My daughter started having recurrent bladder infections when she was undergoing potty training. Thus began a frustrating saga with the family practice physician and his staff. To properly diagnose and treat a bladder infection, the health care provider should evaluate a urine culture and sensitivity results to see what type of bacteria it is and what antibiotics it is sensitive to. However, to get a clean catch urine specimen for culture from an active toddler is no easy task. The alternative is to get a urine catheter specimen. However, to put a urine catheter into a toddler can be traumatic for the little one and quite an ordeal.
After several urine infections over several months, I started to get impatient with the family practice doctor as to an end to this saga. He simply blamed her recurrent infections on a “lack of wiping properly” — as the most common cause for urinary tract infections is fecal contamination in the bladder. I wasn’t buying it.
Physician refuses to give a referral to a specialist
Here’s where belonging to an HMO can be a problem. The family practice physician refused to authorize a referral to a specialist. Fortunately, I had worked in health care as a laboratory medical technologist for many years so I could be creative in navigating the health care system when I had to. I called a reputable pediatric urologist’s office and explained my daughter’s situation. I was told my daughter did indeed need to be seen by a pediatric urologist.
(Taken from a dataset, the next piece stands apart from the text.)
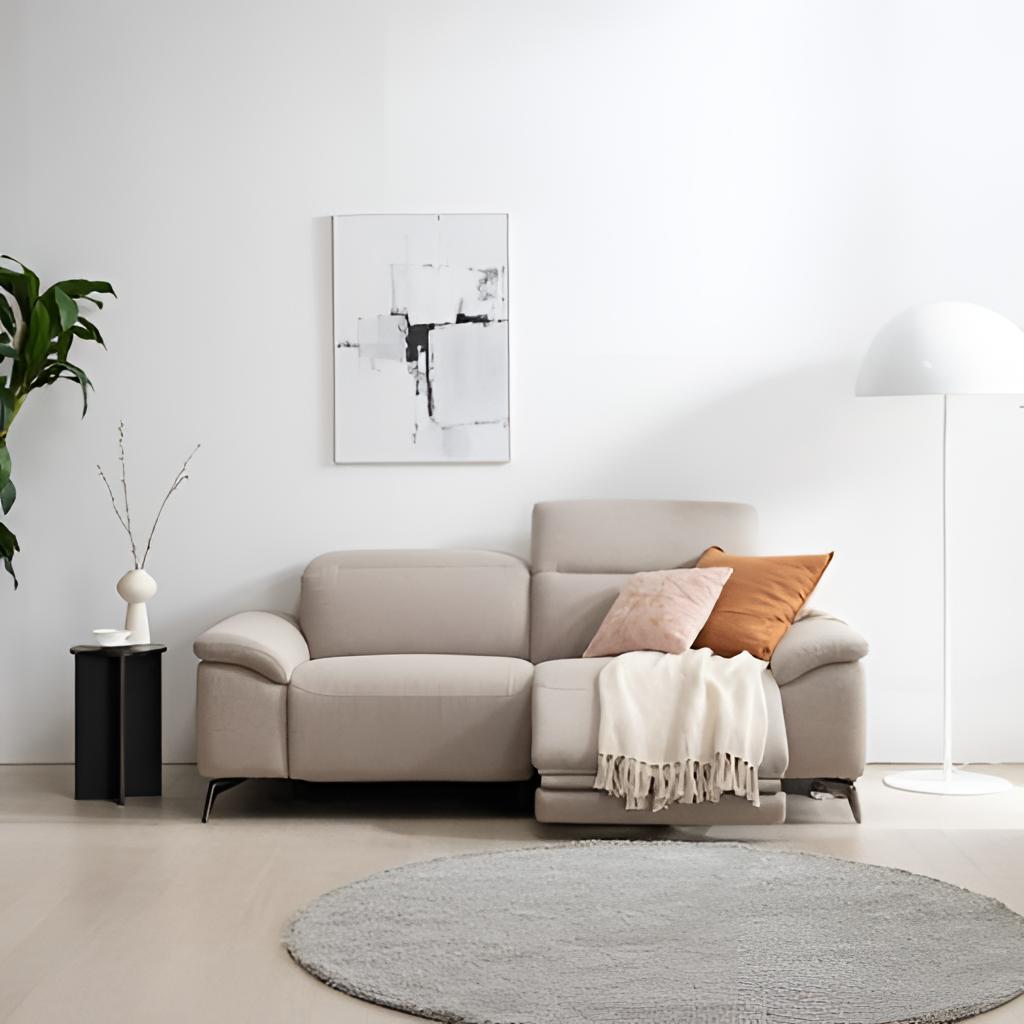
beige leather sofa, living room, modern, beige wood flooring, with plank pattern, paint wallpaper, with solid pattern

I then called back the family practice office and told them that a pediatric urologist insisted that my child needed to be seen and I needed a referral form for the appointment. The family practice office then complied with the request.
Kidney damage and need for surgery
My three-year-old daughter was evaluated by the pediatric urologist shortly thereafter. He ordered an intravenous pyelogram (IVP) test. How an IVP works is radiographic dye is injected into a vein and the blood filters the dye out through the urinary system. As the dye goes through the kidneys, ureters and bladder, xrays are taken that show the anatomy of the urinary system and some function of it. Much to my dismay, the exam showed right-sided vesicoureteral reflux of grade III-IV. Essentially what that meant was the valve that kept urine from backing up from the bladder through the ureter to the kidney was working very poorly. As a consequence, as my daughter got a urinary tract infection, the bacteria in the bladder urine backed up into her right kidney causing damage. Her right kidney was 3 cm. smaller than her left and had scarring. The kidney damage was thought to be a result of the recurrent reflux and urinary tract infections. To say that I was livid with the family practice doctor would be an understatement.
With lower graded reflux (stage I or II), pediatric urologists believe the child may outgrow the problem. However, at stage III to IV (V is the highest), my child’s pediatric urologist believed surgery was the best option. Shortly thereafter, my daughter underwent bladder surgery. According to the pediatric urologist, there was no way to make a new valve; therefore, the pediatric urologist had to cut the ureter/bladder connection and then replant the ureter into the muscle of the bladder in such a way that when the bladder contracts the urine does not back up from the bladder into the ureter and up to the kidney. When the pediatric urologist opened my daughter up, he noted that the valve for the left ureter was not in particularly good shape either; consequently, he replanted that ureter, also. (We had discussed that possibility prior to the surgery).
My daughter got through the surgery well. Afterward, she was put on a course of antibiotic therapy. Then, she was put on low-dose antibiotics to prevent recurrent infection. Because I knew from the literature and feared that overuse of antibiotics could cause virulent infections later, I did not want my daughter left on antibiotic therapy for years. Therefore, I stopped her on the low dose antibiotic therapy after she had been on it for quite some time; instead, I started her on daily cranberry therapy. (Note: The medical literature states that low dose antibiotic therapy is thought to be “safe.”)*
My daughter is now 16 and has had only one bladder infection since that time. I still give her cranberry pills, but not every day. She has not had any complications from the ureter/bladder surgery or the kidney damage as of yet. As for the family practice doctor who would not give me the referral for my daughter to be evaluated by a pediatric urologist, I did not take my daughter back to him.